What is required: Note the line where "main class: Cropland" appears in the data below; write it out exactly, along with every line that comes after it to the end.
═══ Provided data ═══
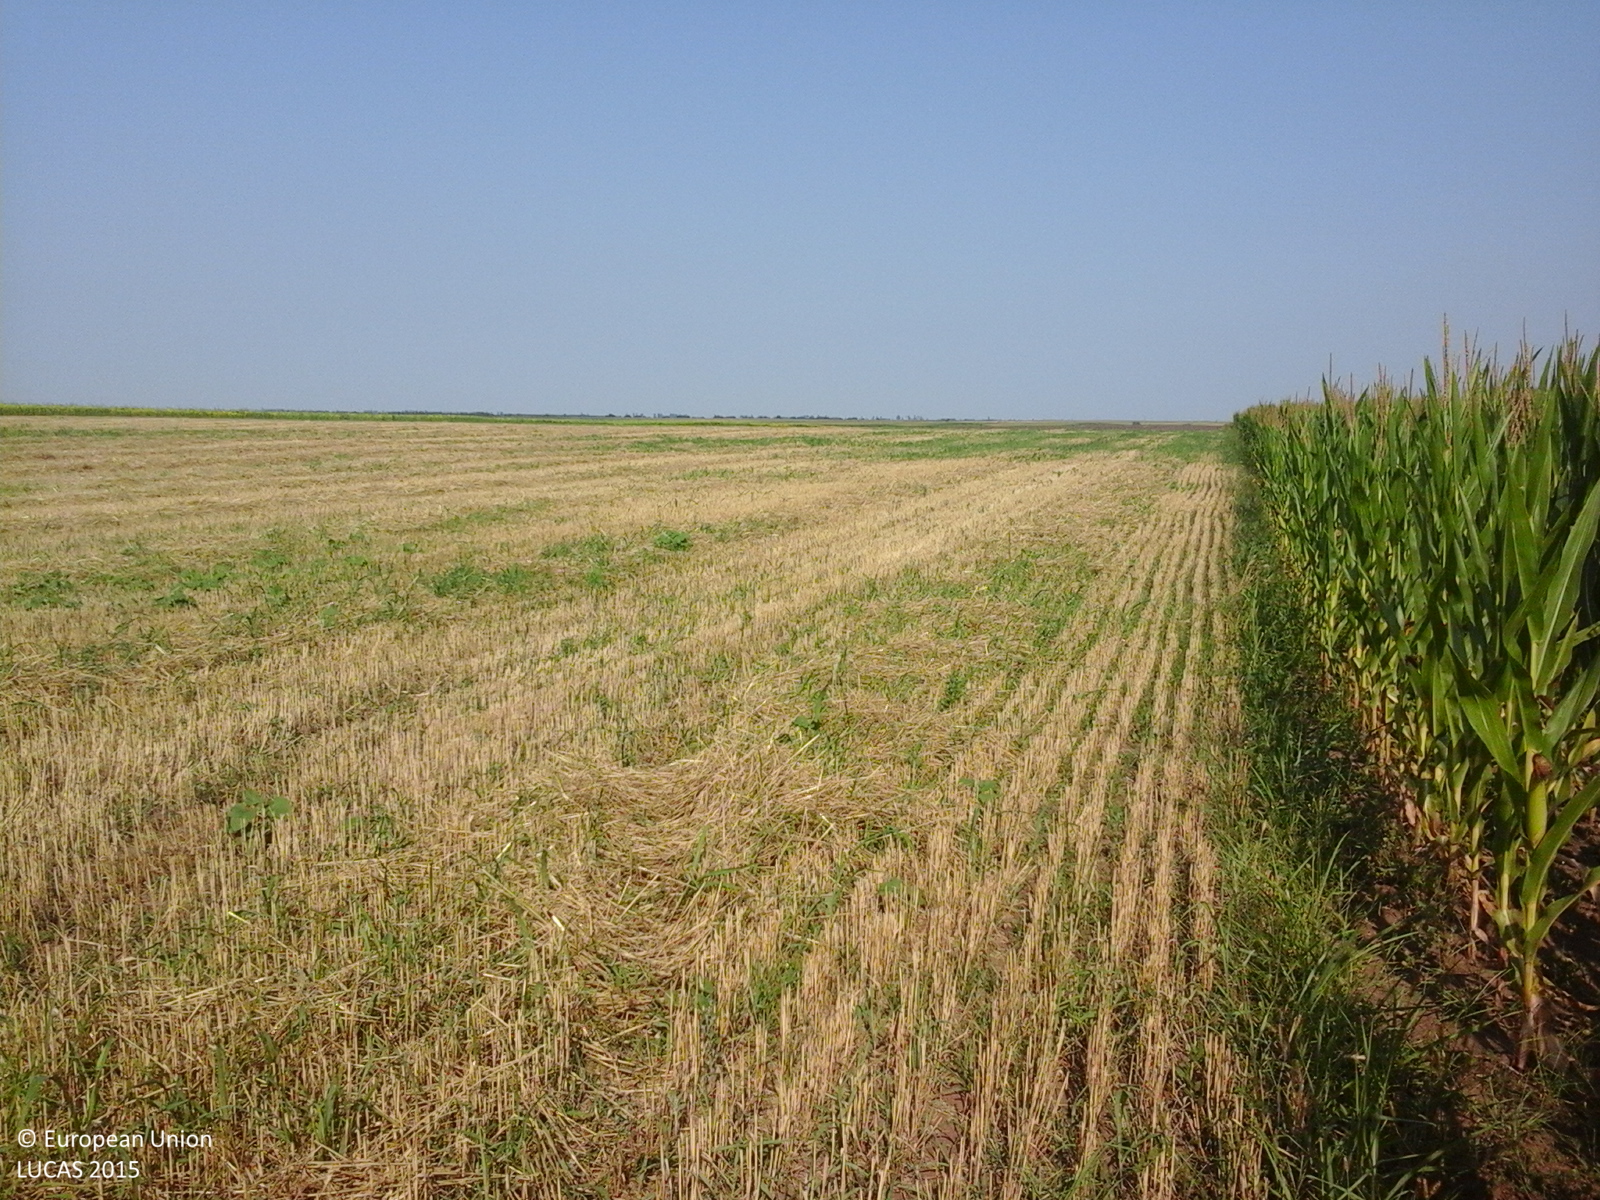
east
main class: Cropland
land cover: Maize
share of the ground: > 75 %
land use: Agriculture (excluding fallow land and kitchen gardens)
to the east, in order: Maize
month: July
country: RO
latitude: 44.8943
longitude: 27.1690
═══
Written solution:
main class: Cropland
land cover: Maize
share of the ground: > 75 %
land use: Agriculture (excluding fallow land and kitchen gardens)
to the east, in order: Maize
month: July
country: RO
latitude: 44.8943
longitude: 27.1690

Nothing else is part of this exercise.